Song/Cycles

Song/Cycles Roundtable excerpt

For the publication of Song/Cycles in the summer of 2010, Mormon Artists Group invited the project’s composers to participate in an informal roundtable discussion of their music. They described the creative process, the poets with whom they collaborated, the innerworkings from a section of each score, and their place in a larger community of musicians in LDS culture. The following is an excerpt of the discussion.


The composers and their compositions were Murray Boren (Seven Sisters), Daniel Bradshaw (The Dead Praying for Me), Harriet Petherick Bushman (Mary Keeps All These Things), Charis Bean Duke (Töchterliebe), Lansing McLoskey (Sudden Music), and David H. Sargent (Notes). The moderator was Glen Nelson.


Is there a Mormon school of composition? I suspect you'll say no, and I wince a little even asking the question for the fear it is overly simplistic or that it brings unwanted associations. And yet there are two things that keep bringing me back to it:


1) our communal language of hymns, which has to be something of a shared vocabulary.
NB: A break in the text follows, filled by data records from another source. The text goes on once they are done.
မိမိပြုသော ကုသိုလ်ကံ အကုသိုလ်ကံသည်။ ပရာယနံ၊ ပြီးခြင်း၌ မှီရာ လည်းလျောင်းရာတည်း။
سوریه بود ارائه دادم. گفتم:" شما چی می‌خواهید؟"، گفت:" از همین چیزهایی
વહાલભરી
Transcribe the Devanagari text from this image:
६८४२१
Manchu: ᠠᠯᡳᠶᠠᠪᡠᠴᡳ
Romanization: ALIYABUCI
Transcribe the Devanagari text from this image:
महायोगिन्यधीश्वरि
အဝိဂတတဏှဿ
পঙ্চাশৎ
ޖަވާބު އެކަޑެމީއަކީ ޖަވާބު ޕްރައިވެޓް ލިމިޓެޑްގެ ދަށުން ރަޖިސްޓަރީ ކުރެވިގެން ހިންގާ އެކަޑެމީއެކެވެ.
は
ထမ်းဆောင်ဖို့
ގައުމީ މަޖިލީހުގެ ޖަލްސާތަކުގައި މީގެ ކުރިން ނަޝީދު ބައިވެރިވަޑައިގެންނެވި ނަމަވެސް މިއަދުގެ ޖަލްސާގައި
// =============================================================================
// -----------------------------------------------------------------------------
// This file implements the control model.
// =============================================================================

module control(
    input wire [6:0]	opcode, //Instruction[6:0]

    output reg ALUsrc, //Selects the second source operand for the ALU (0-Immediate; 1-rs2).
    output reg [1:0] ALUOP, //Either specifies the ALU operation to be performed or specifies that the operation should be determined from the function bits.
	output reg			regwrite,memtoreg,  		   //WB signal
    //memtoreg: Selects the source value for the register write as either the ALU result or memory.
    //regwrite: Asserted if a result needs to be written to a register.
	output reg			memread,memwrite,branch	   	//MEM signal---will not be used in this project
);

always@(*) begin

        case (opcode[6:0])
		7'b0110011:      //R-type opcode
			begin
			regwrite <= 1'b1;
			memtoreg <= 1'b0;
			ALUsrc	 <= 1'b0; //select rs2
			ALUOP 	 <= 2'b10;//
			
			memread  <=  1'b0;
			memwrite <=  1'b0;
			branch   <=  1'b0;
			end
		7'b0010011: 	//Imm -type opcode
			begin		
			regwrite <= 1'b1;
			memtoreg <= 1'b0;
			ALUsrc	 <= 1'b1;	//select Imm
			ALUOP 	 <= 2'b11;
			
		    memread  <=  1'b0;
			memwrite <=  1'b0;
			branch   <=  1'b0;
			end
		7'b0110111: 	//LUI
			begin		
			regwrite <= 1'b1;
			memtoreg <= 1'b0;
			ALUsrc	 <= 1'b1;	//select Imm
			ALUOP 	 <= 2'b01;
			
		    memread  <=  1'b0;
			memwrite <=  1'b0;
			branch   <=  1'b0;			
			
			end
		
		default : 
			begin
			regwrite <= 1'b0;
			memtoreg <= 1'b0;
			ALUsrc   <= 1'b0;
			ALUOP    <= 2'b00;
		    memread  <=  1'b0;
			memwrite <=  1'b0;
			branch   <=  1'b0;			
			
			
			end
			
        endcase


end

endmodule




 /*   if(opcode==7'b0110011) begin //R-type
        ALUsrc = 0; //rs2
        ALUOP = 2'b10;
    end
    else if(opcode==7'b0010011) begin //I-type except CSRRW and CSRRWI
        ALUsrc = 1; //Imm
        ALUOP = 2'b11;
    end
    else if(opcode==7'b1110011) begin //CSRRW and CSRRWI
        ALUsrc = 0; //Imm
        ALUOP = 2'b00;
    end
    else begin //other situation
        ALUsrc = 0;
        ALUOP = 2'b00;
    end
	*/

I've heard professionals describe the hymns as our folk music, maybe as strong or stronger than a national folk music; and


2) the unusual number of teacher/student—and in Daniel's case, parent/child—relationships of so many of our composers. It's almost like a family tree: Schreiner/Manookin, Robertson/ Gates/Cundick/Campbell, M. Bradshaw/Boren/ Coleman, etc.


I can't imagine an independent scholar not trying to connect the dots given all the overlap of you folks. Is there a Mormon sound?


Charis: Wow this is a thought-provoking question. At BYU I studied with Dr. Hicks, Dr. Bradshaw, and Dr. Sargent. Then I went to the U of I where there was a huge composition faculty, and we could chose our private teachers. My first teacher was Paul Zonn. He asked me, “So, did you study with Michael Hicks? He was one of my finest students!” Then I chose to study with Morgan Powell. He said, “Did you study with David Sargent? He was one of my finest students!” Then I chose to study with Thomas Frederickson who said, “Did you ever study with Merrill Bradshaw? He was one of my finest students!” I couldn’t believe that out of all the teachers there, I somehow naturally gravitated to the ones who had taught my former professors, and in reverse chronological order to boot!


Harriet: Having not been to a Mormon music school, nor been taught nor in anyway influenced by a Mormon composer, I think I am on very precarious ground here. I am unable to say whether there exists a Mormon school of composition despite the fact that there are some highly talented LDS composers about.


What I do think however is that there are possibly two “camps” of Mormon composers: there are the worship ballad writers, also widely prevalent in the Christian music world today, and the resolutely not worship ballad writers who compose in the classical contemporary style.  Whether there is a particularly Mormon flavor to this style, I am unable to say.  In my own work I can say for sure that there is not.


For me the true folk music of the Mormon world is found in the Primary songs which speak of daily living practices, legends and pioneer heritage as well as sacred things where the hymns are pretty well exclusively expressions of faith.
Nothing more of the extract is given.